Test Example 17: Examination of corneal epithelial wound healing promoting action in vivo By the following tests, it can be confirmed that the ophthalmic composition of the present invention exhibits a corneal epithelial wound healing promoting action in vivo.

1. Test material and test method
1-1. Animals used Male white Japanese rabbits are used. Regarding the use of experimental animals, the Animal Experiment Ethics Committee based on the Act on the Protection and Management of Animals (Law No. 105, October 1, 1973, and the final revision, Law No. 38, June 12, 2013) Approve and implement.

1-2. Test Eye Drops Isotonic eye drops and hypotonic eye drops having the compositions shown in Table 30 are prepared as test eye drops.

1-3. Test method 1) Corneal epithelial curettage 50 mg / mL ketamine injection solution (Ketaral ^R intramuscular injection 500 mg; Daiichi Sankyo Propharma) and 20 mg / mL seralactal injection solution (Ceralactal ^R 2% injection solution; Bayer Yakuhin) 3: 1 After anesthetizing the animal by intramuscular injection (1 mL / kg) of the mixed solution, 0.4 w / v% oxybuprocaine hydrochloride ophthalmic solution (Benoxir ^R ophthalmic solution 0.4%; Santen Pharmaceutical) Local anesthesia is administered using. Then, after dislocating the eyeball, a corneal epithelium in the central portion of the cornea was engraved with a diameter of 10 mm using a trepan with a diameter of 10 mm, and the corneal epithelium in the circumference was engraved with a handy router under a stereoscopic microscope. Cure the layers. After the curettage, the corneal surface is washed with a physiological saline solution (Otsuka raw food injection; Otsuka Pharmaceutical Factory), and the eyeball is repositioned in the orbit to complete the corneal epithelial curettage treatment.

2) Administration of test ophthalmic solution Test ophthalmic solution was administered twice a day on the day of corneal epithelial curettage, 4 times a day after curettage 1 and 2 days, and once a day 3 days after curettage, each at intervals of 2 hours or more. And the eye is treated with a micropipette at a dose of 50 μL once for the treated eye.

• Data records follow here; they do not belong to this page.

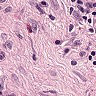
Metastatic tissue present: no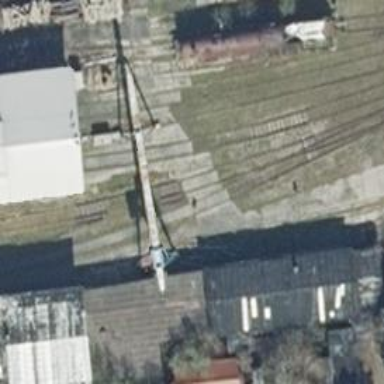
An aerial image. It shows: Railway yard used for servicing trains.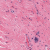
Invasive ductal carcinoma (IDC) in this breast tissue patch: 0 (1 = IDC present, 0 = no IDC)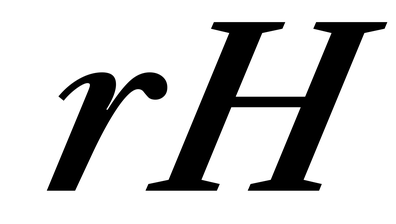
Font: LibreCaslonText-Italic_SemiBold_Italic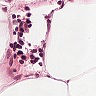
Metastatic tissue present: no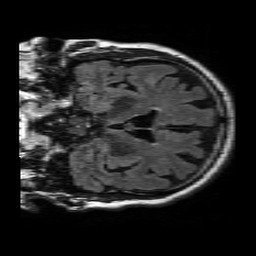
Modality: FLAIR
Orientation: coronal
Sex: male
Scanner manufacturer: philips
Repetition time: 11 s
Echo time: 0.125 s

3) Area measurement of corneal epithelial defect part The time when the corneal epithelial scraping is completed is defined as the test start time (0 hour), and 48 hours after that, the extent of corneal epithelial repair is evaluated by quantifying the corneal epithelial defect area. Specifically, after 48 hours, 10 μL of 0.1 w / v% fluorescein sodium (Fuji Film Wako Pure Chemical Industries, Ltd.) solution was instilled into the treated eye, and immediately a slit lamp was used to take a photograph of the anterior segment of the animal. The fluorescein-stained corneal epithelial defect area is recorded by photographing. The developed photograph was saved as a digital image in a computer, and the area of the corneal epithelial defect stained with fluorescein was measured using image analysis software (Image-Pro ^R Plus ver. 7.0J), and the residual wound after 48 hours was measured. Calculate the area ratio.

Claims (7)

  An ophthalmic composition for promoting corneal epithelial wound healing, which has an osmotic pressure of 200 to 260 mOsm.   The ophthalmic composition for promoting corneal epithelial wound healing according to claim 1, which has an osmotic pressure of 220 to 260 mOsm.   The ophthalmic composition for promoting corneal epithelial wound healing according to claim 1 or 2, which comprises an alkali metal salt and / or a polyhydric alcohol.   The ophthalmic composition for promoting corneal epithelial wound healing according to claim 3, wherein the alkali metal salt is sodium chloride.   The ophthalmic composition for promoting corneal epithelial wound healing according to claim 3, wherein the polyhydric alcohol is propylene glycol and / or glycerin.   The ophthalmic composition for promoting corneal epithelial wound healing according to claim 1, which is an eye drop.   A method for imparting a corneal epithelial wound healing promoting action to an ophthalmic composition, which comprises the step of adjusting the osmotic pressure of the ophthalmic composition to 200 to 260 mOsm.